Talvez no pior momento em um combate em toda sua carreira profissional, Wilder, encurralado no canto enquanto o desafiante partia para cima com muita confiança, acertou uma bela direita sob o cruzado do oponente, e levou Szpilka ao nocaute, desmaiado. Um encaixe bem na ponta do queixo, daqueles que não se vê quando se toma, e que, por isso, são fatais. O árbitro nem precisou ir ao final da contagem para constatar que terminara tudo ali.

A pegada de Deontay Wilder, então, o salvou nesta noite. Em nossa contagem ele perdia por 4 pontos de diferença, até o momento derradeiro. Assim consegue defender seu título, mesmo lutando mal durante a maior parte de toda a contenda. Resta saber se contra os melhores nomes dos pesados, este mesmo poder de punch funcionará a contento. Tyson Fury subiu ao ringue para desafia-lo, em uma papagaiada digna de WWE. Mas ele tem que bater Wladmir Klitschko antes disso, enquanto o americano tem que passar por Alexander Povetkin.

O importante é que o valente desafiante saiu de maca, porém acordado, do Barclays Center, e os fãs, pasmos, com uma reviravolta dessas que só o boxe provoca, presenteados ainda com, provavelmente, o mais belo nocaute de 2016, com meros 17 dias passados neste ano que se inicia. Viva o esporte de luvas!

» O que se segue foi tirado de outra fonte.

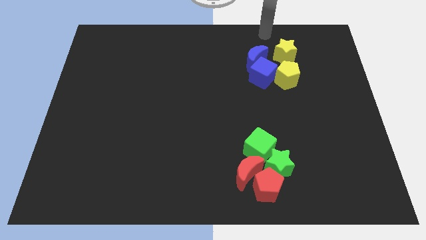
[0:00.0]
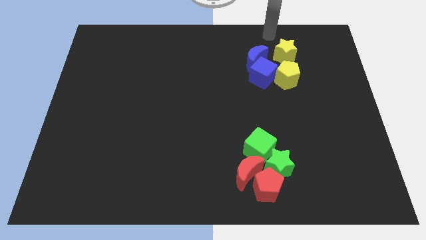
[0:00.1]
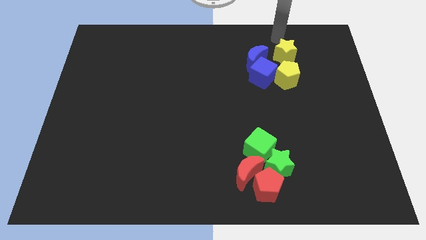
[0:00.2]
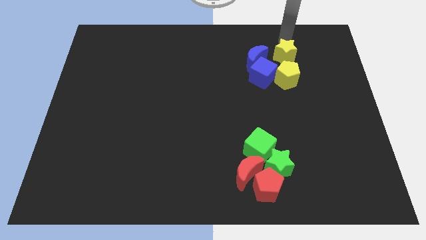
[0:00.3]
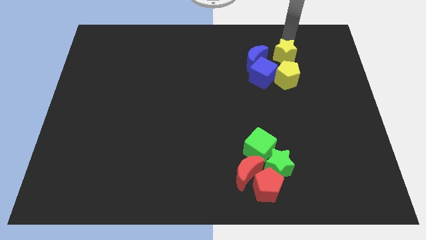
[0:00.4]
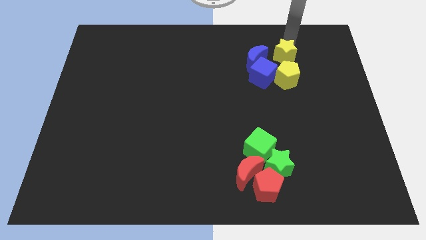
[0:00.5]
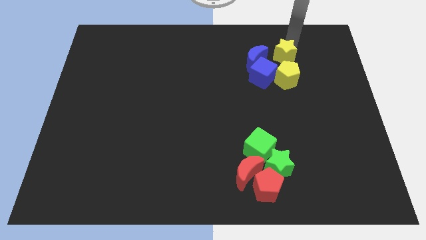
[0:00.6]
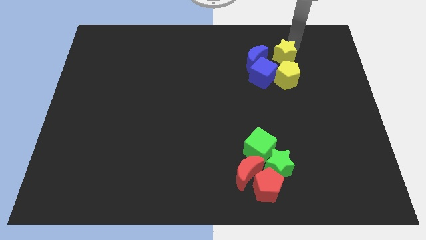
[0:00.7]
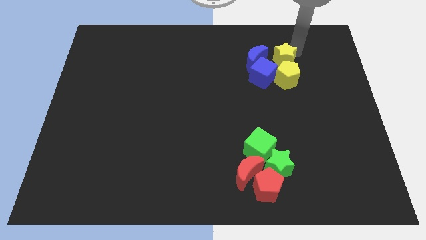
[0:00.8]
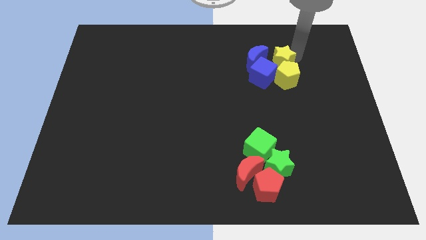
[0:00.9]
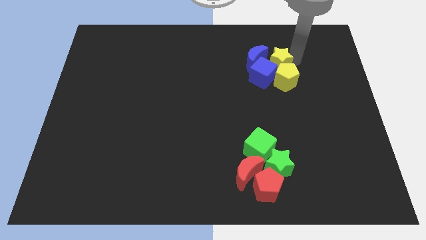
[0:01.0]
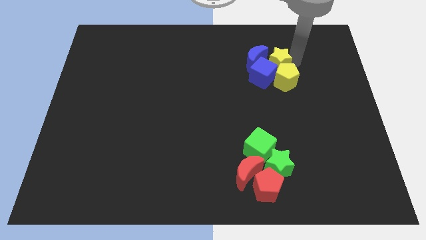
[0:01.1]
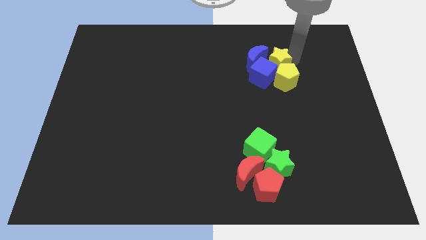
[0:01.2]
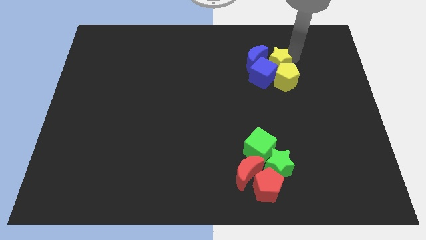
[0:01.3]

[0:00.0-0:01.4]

Na principal preliminar da noite, o norte-americano Charles “Missouri” Martin (23-0-1, 21 KOs) ganhou de presente o cinturão vago da FIB na categoria máxima ao ver o joelho direito de Vyacheslav Glazkov (21-1-1, 13 KOs) sair do lugar, obrigando a interrupção do confronto no 3º giro.

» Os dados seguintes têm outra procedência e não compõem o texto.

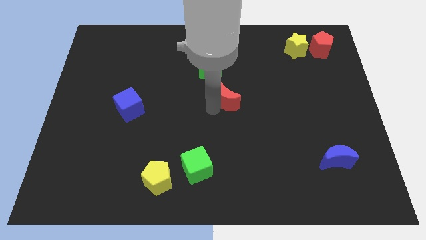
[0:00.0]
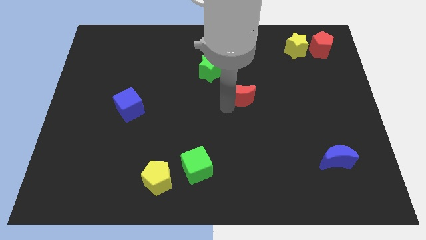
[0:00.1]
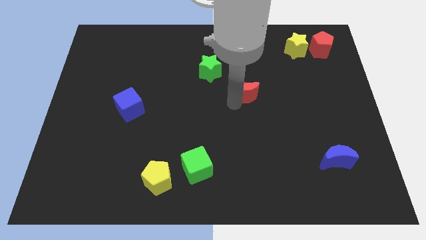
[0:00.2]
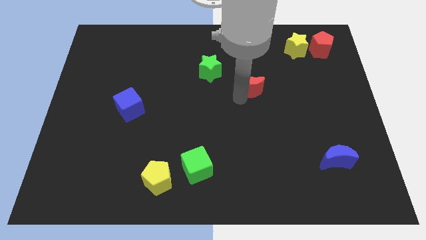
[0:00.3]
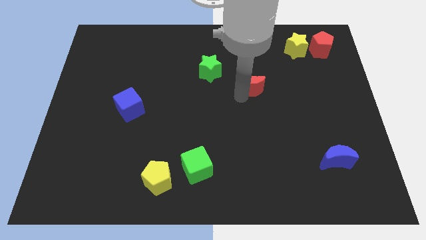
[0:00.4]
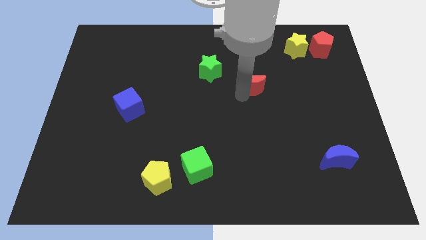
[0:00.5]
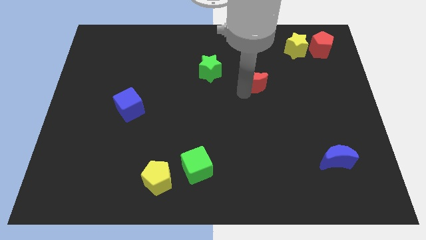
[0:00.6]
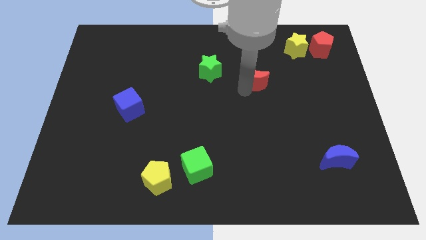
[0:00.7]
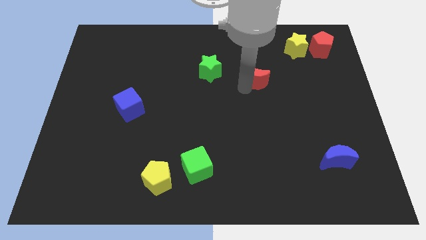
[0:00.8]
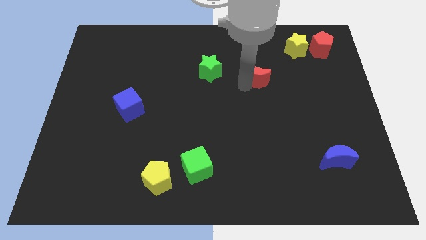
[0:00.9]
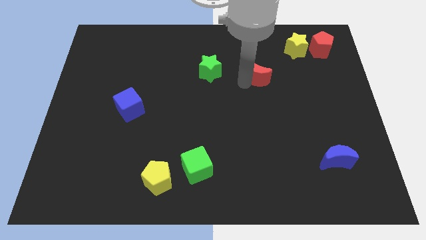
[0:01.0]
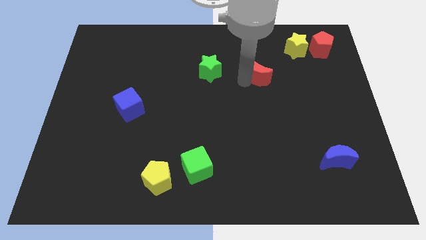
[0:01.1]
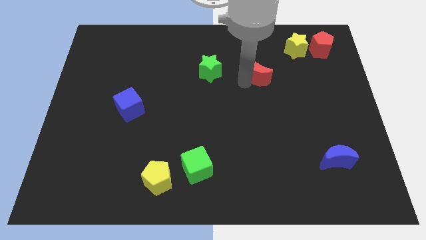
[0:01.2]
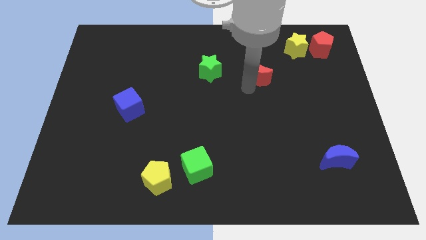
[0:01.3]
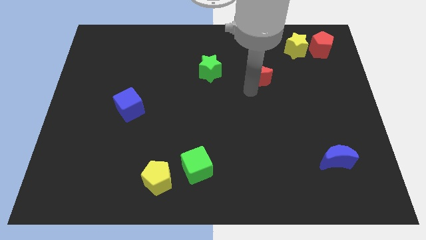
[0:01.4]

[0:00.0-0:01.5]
place the red moon bottom left to the yellow star

Glazkov iniciou jabeando e bloqueando melhor os golpes, apesar da envergadura maior de Martin que, por sua vez, falhava em surpreender ao encaixar os diretos, mesmo sendo canhoto.

O estadunidense voltou para o terceiro round com uma atitude diferente, visivelmente mais agressivo e procurando encaixar os punches de forma mais firme. O pugilista da Ucrânia sentiu dois bons golpes, mas o que decidiu o destino do enfrentamento acabou sendo o seu joelho direito.

Primeiramente, Vyacheslav escorregou ao trocar de base e levantou-se, mas era notável seu desconforto nas pernas. Em uma troca de golpes em que soco algum pegou, ao fazer o pêndulo buscando evitar um cruzado de direita de Martin, Glazkov caiu e, mesmo conseguindo ficar de pé, teve que desistir de continuar. Final infeliz e bizarro, para uma disputa de título igualmente infeliz e bizarra. A FIB, então, fez um campeão a sua altura...

O canal Fox Sports transmitiu o evento ao vivo para o Brasil, bem como a vertente digital da emissora, através do  FOXPlay.com.